Your answer should be the records again, unchanged in wording and free of images.

Dataset entries:

════════

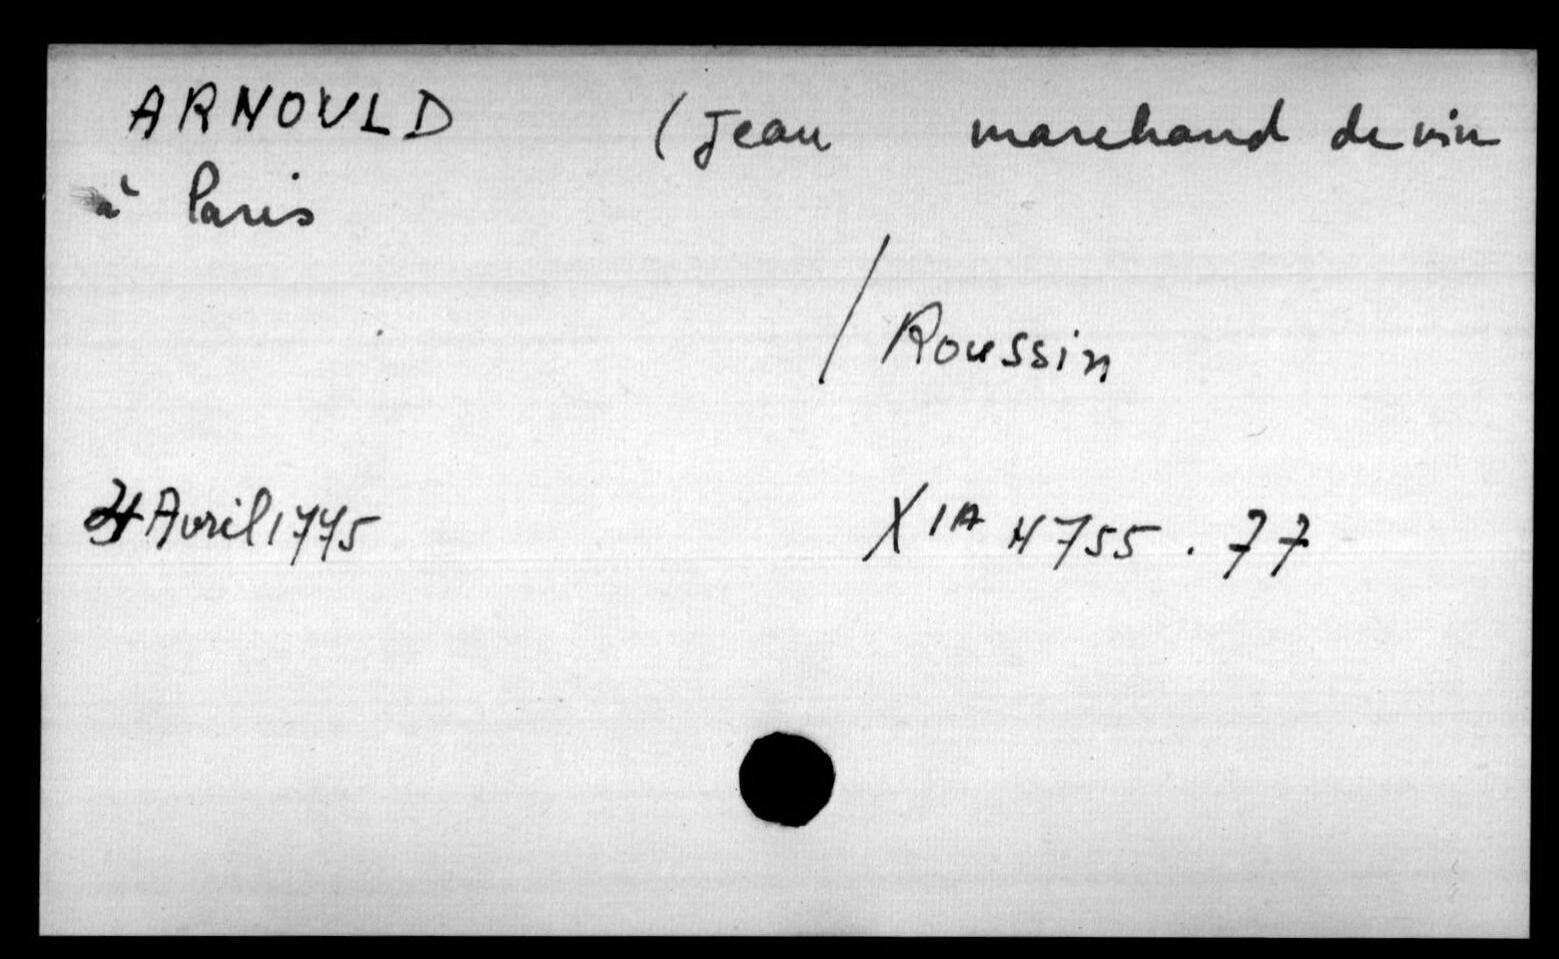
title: ARNOULD (Jean marchand de vin à Paris
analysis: Contre Roussin
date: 4 avril 1775
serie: X1A
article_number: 4755
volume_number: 77

════════

**Written solution**
title: ARNOULD (Jean marchand de vin à Paris
analysis: Contre Roussin
date: 4 avril 1775
serie: X1A
article_number: 4755
volume_number: 77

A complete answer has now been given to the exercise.